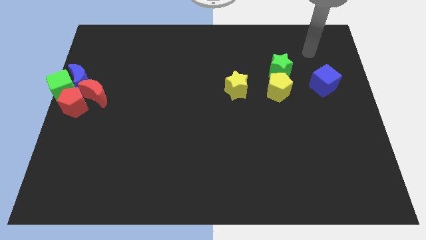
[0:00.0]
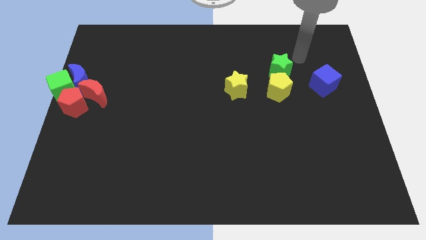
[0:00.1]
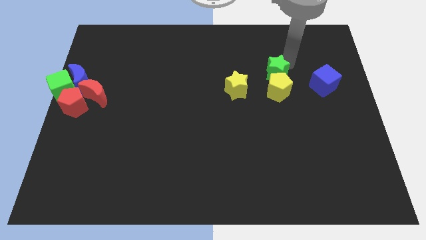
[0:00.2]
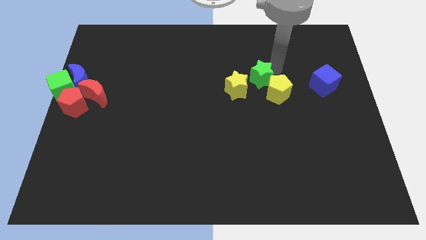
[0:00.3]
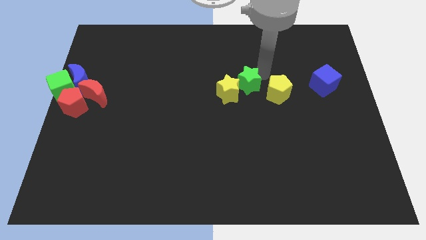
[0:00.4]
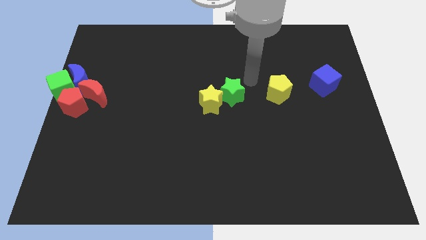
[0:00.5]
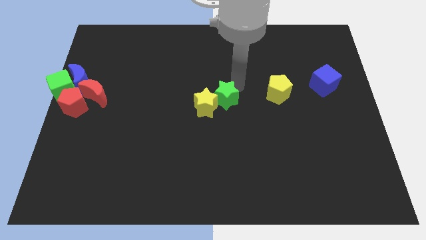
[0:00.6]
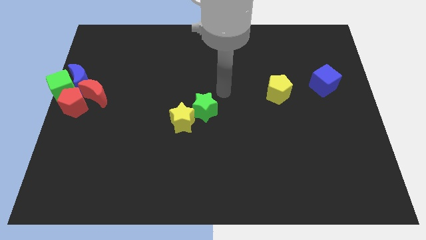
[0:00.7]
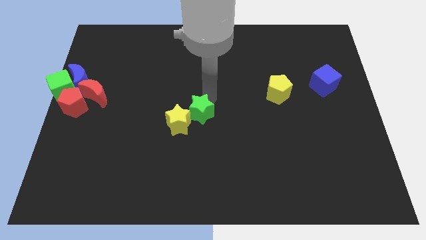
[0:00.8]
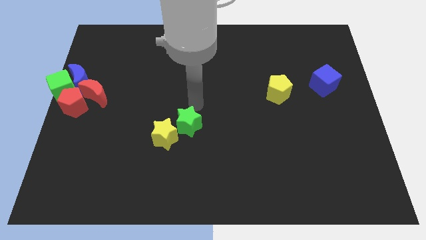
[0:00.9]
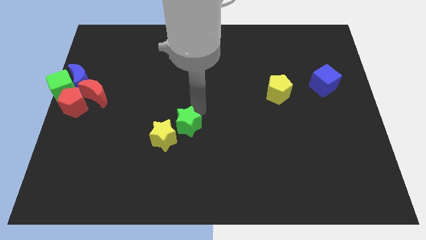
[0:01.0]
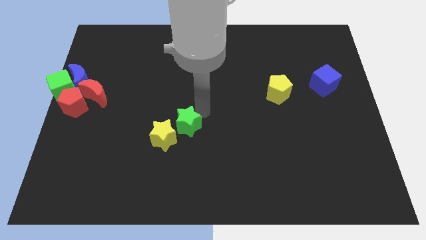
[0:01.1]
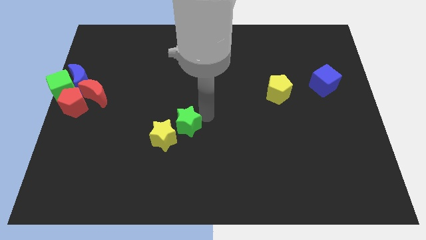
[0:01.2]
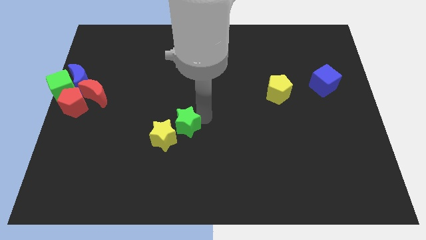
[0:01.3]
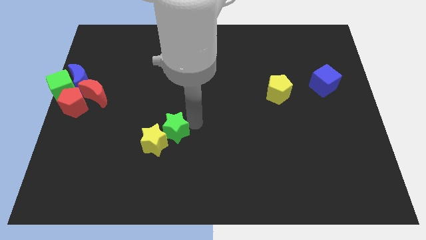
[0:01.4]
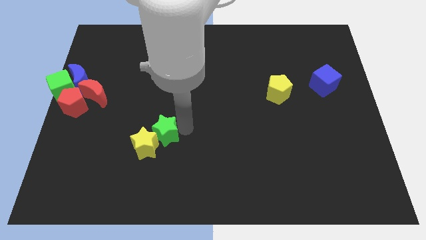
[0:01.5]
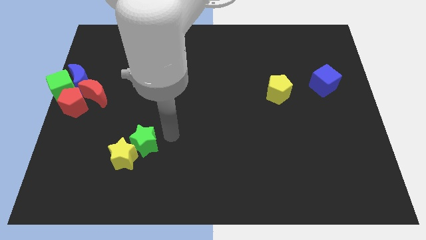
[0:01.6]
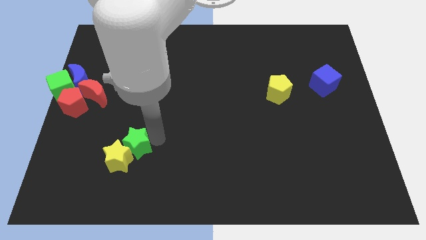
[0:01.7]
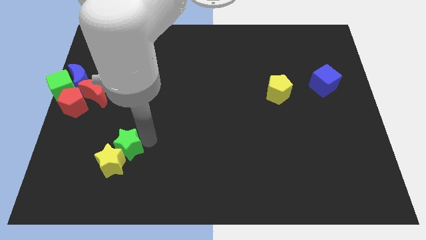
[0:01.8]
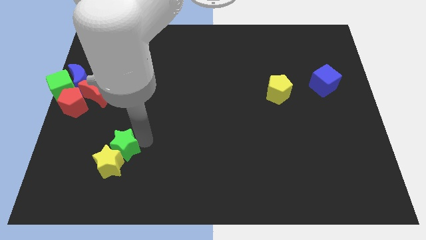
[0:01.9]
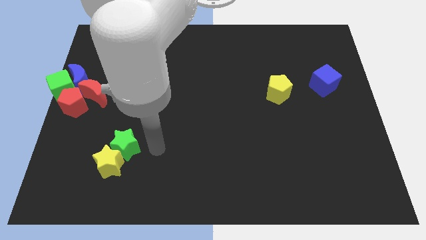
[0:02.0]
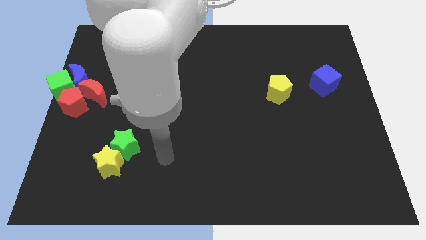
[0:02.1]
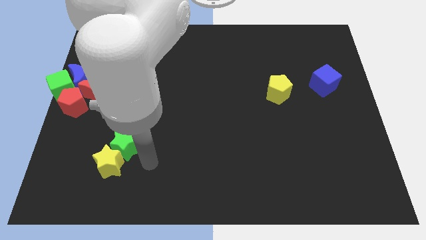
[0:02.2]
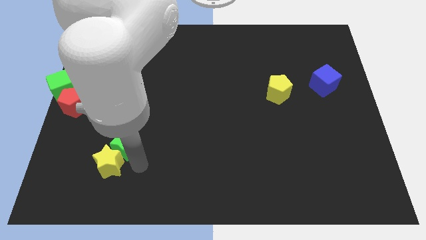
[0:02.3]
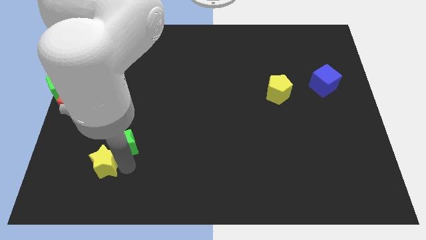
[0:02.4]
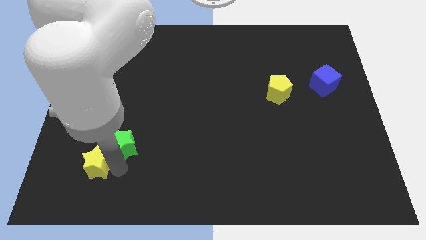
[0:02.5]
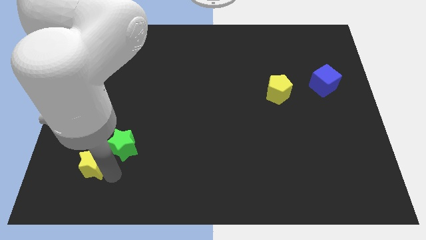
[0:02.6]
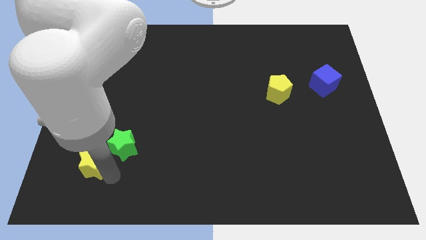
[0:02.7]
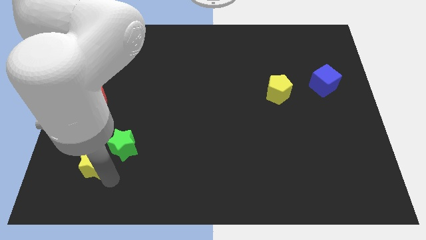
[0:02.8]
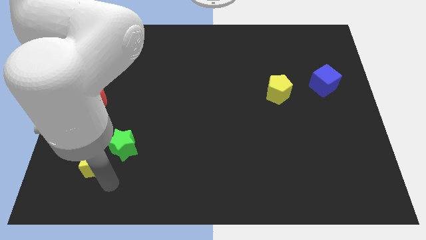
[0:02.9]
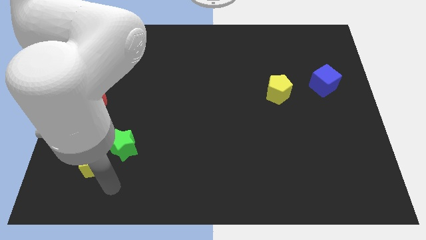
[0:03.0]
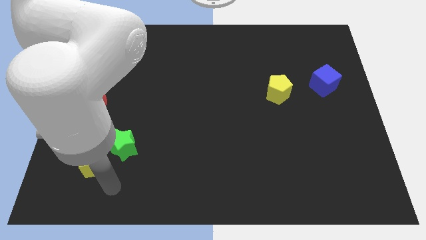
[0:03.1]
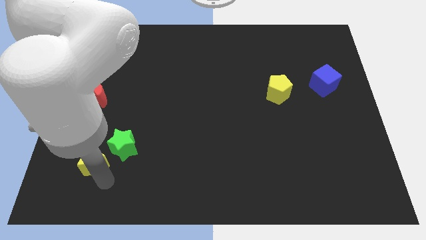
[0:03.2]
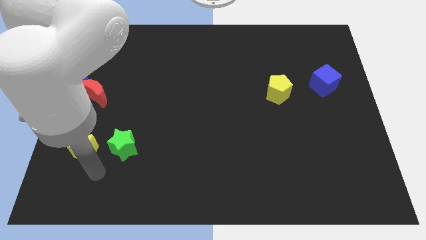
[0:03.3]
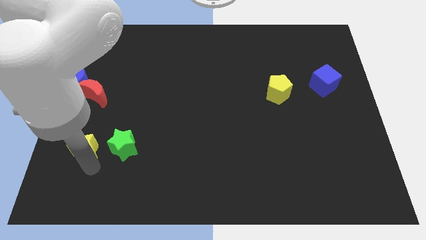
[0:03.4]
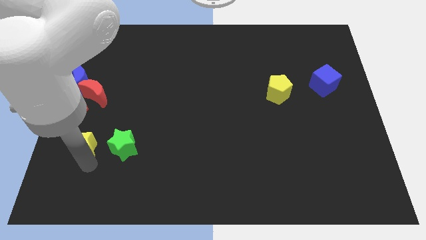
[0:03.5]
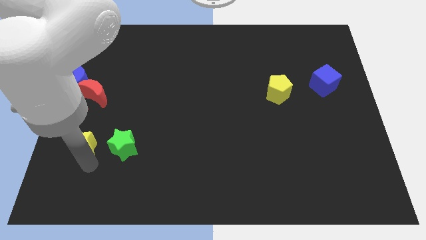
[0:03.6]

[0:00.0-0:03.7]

---

**Problem to solve:** Please set down each line of the data above exactly as written, without the pictures.

**Output of the exercise:**
[0:00.0]
[0:00.1]
[0:00.2]
[0:00.3]
[0:00.4]
[0:00.5]
[0:00.6]
[0:00.7]
[0:00.8]
[0:00.9]
[0:01.0]
[0:01.1]
[0:01.2]
[0:01.3]
[0:01.4]
[0:01.5]
[0:01.6]
[0:01.7]
[0:01.8]
[0:01.9]
[0:02.0]
[0:02.1]
[0:02.2]
[0:02.3]
[0:02.4]
[0:02.5]
[0:02.6]
[0:02.7]
[0:02.8]
[0:02.9]
[0:03.0]
[0:03.1]
[0:03.2]
[0:03.3]
[0:03.4]
[0:03.5]
[0:03.6]

[0:00.0-0:03.7]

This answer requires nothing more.